Altough we're separated by a few hundred miles and probably a common language! I've never let that get in the way before though :smitten:


----------



## swike77 (Oct 27, 2008)

craigisnutter said:


> My Friend you get my respect for that.
> 
> As i've mentioned in a couple of my posts before, i'm a professional wrestler and my entire 'THING' is that im a big fat guy, but i couldn't bring myself to just take pics like that and put them up. It's almost like im a schizo or sumthing, like when im wrestling it's a complete different person, belly out and all.
> 
> Seeing you do this.....you never know, i might very well do it myself 1 day now sir. hmmm



Strange thing is, I hugely admire you. I could not get up and perfom in front of a baying crowd like you do. 

I don't feel as if I've adopted a persona here though. More like I've actually begun to accept what I am and to stop being s hard on myself.Even the few comments on this page have made me reappraise who I am and how desirable I might be to some people. Ultimately, I took a risk and I got rewarded. 
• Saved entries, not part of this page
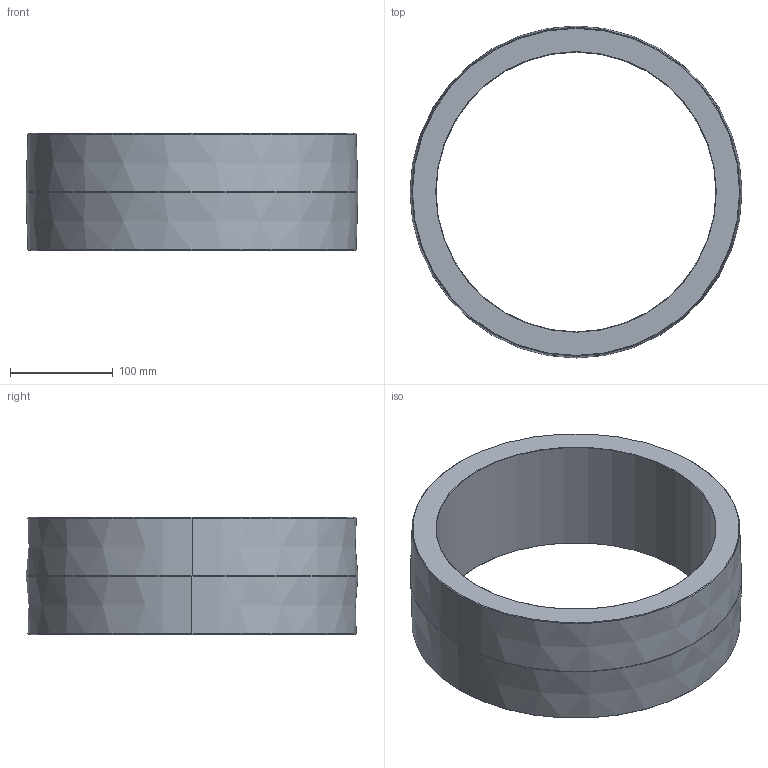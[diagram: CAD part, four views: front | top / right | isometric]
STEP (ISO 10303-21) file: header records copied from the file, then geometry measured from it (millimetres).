
FILE_DESCRIPTION (( 'STEP AP203' ), '1' );
FILE_NAME ('Close Nipple 12 in, Sch 120.STEP', '2025-05-09T01:41:57', '' );
FILE_SCHEMA (( 'CONFIG_CONTROL_DESIGN' ));
Length unit declared in the file: inch
Products named in the file (1): Close Nipple 12 in, Sch 120
Bounding box: 323.85 x 323.85 x 114.3 mm (x, y, z)
Volume: 2619599.5 mm3; surface area: 256760.8 mm2
Topology: 1 solids, 1 shells, 18 faces, 36 edges, 20 vertices
Faces by surface type: cone 12, cylinder 4, plane 2
Entity records: 547 total; most frequent: DIRECTION 94, CARTESIAN_POINT 75, ORIENTED_EDGE 72, AXIS2_PLACEMENT_3D 39, EDGE_CURVE 36, VERTEX_POINT 20, CIRCLE 20, EDGE_LOOP 20

This last week I've held my head just that little bit higher in the street, I've smiled more, been more outgoing, and more positive in general. Now it would be absurd to say that exposing myself like this has banished the years of cruelty of people that have wanted to define me by my size and not WHO I am, but it has made me realise that you can never win over these people. You'll never get their approval, and nor should you seek it. 

You see, I used to think it was my problem, but it's theirs. They are the ignorant ones, they are the oboxious and cruel ones. They are the ones missing out on fabulous friendships, wonderful relationships, good times and great people - people like me, people like you.


----------



## craigisnutter (Oct 27, 2008)

Hmmm, i might just throw caution to the wind n do it!
Id need to find a cameraman to take them for me though! Lol i believe id be classed as a ssbhm, wouldnt be easy to take the pics! Lol


----------